Morning Sports Briefing: Keep ahead of the game with ‘The Irish Times’ sports team

The 2019 Six Nations starts a week tomorrow, and battle lines were drawn at the official launch of the tournament in London yesterday. The opening weekend sees Wales travel to play France on Friday February 1st before Ireland welcome England to Dublin on Saturday February 2nd - and boss Joe Schmidt has said his side will be braced for a brutal afternoon at the Aviva Stadium: "It will be huge for us, particularly with what's happened in the last couple of years and even in terms of what Eddie [JONES]said recently, 'if you want to go to Ireland and get a win you're going to have to deliver a brutality'. So I think we're pretty well primed. We need to be primed anyway for what will be a really physical encounter." Schmidt - who is heading into his final championship as Ireland coach - also ruled himself out of contention for the All Blacks job, which will become vacant after the Rugby World Cup: "We've got a couple of projects that are family-related that we want to work our way through. And I don't spend a lot of time at home already so I think it's probably high time I did."

Elsewhere in today's rugby statistics column John O'Sullivan has looked at the recent accuracy of Joey Carbery off the tee, with the Munster outhalf dead-eyed since a difficult afternoon away to Castres in the Champions Cup last December. He writes: "Since then Carbery has kicked five from five against Leinster and Connacht respectively, seven from seven in the win over Gloucester at Kingsholm and three from three against the Chiefs." 20 on the bounce for Carbery - not a bed return.

Manchester City are through to the final of the League Cup after they beat Burton Albion 1-0 at the Pirelli Stadium last night, Pep Guardiola's side winning the tie 10-0 on aggregate. They will face either Tottenham or Chelsea in the final on February 24th, with Spurs currently 1-0 up heading into tonight's second leg at Stamford Bridge. Meanwhile Celtic made a fine return to action after the winter break, thrashing St Mirren 4-0 at Parkhead - the champions are now a point clear at the top after Kilmarnock also beat Rangers 2-1 last night.

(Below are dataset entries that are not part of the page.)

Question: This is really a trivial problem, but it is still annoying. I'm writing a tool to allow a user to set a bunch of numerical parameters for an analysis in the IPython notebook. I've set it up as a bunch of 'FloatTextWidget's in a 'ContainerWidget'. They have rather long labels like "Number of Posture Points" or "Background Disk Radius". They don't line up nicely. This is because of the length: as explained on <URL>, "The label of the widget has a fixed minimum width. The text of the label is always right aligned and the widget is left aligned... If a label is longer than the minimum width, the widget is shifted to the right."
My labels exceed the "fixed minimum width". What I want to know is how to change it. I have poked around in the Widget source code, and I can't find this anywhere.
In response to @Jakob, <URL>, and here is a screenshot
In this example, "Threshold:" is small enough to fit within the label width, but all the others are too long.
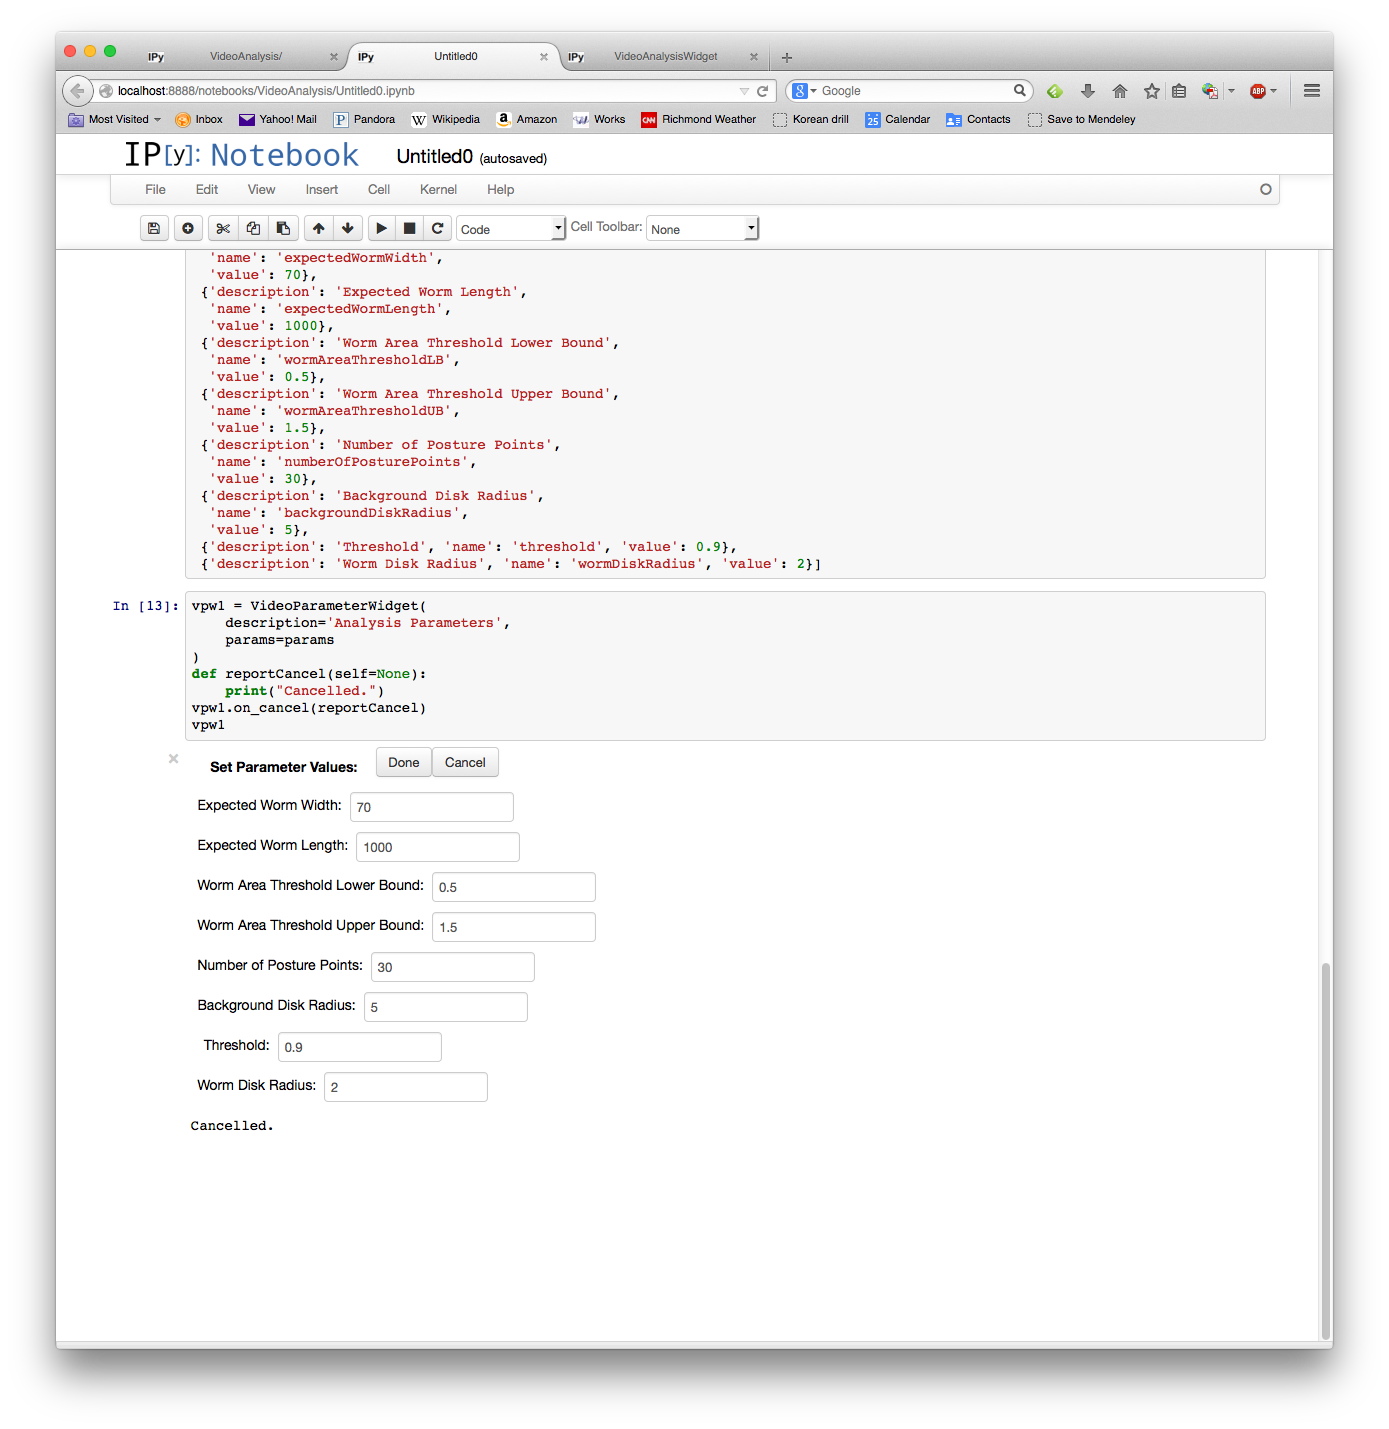
Answer: Well, I found the narrow answer to my question: the minimum field width is defined in 'site-packages/IPython/html/static/style/ipython.min.css' (located wherever your python libraries live -- on my Max that is '/Library/Python/2.7/'), where 'widget-hlabel' is defined by
'''
.widget-hlabel{min-width:10ex;padding-right:8px;padding-top:3px;text-align:right;vertical-align:text-top}
'''
'min-width:10ex' is the relevant part.
Although one can override this for an entire document, I don't see an easy way to change it one widget at a time. It would have to be done on the JavaScript side, since the 'FloatTextWidget' class doesn't give separate access to the label component of the Widget from the python side. That would require developing a custom widget subclassed from 'FloatTextWidget', which seems like way too much effort for such a simple problem, and fragile to boot. At least, that's the only way I see to do it -- corrections welcome.
Instead, I have decided to eschew altogether the automatic labeling of widgets with their descriptions, and instead construct each label as an 'HTMLWidget', which gives me complete control over its appearance. Here's what that looks like:

Cheltenham Gold Cup antepost favourite Presenting Percy is set to finally make his seasonal bow at Gowran Park today in the Galmoy Hurdle (1.50pm). Pat Kelly's star won the same race last year en-route to a fine victory in the RSA Chase at the Festival, with his stablemate Mall Dini second-favourite for the Thyestes Chase (3.0pm), in which Willie Mullins has eight runners and Gordon Elliott has six.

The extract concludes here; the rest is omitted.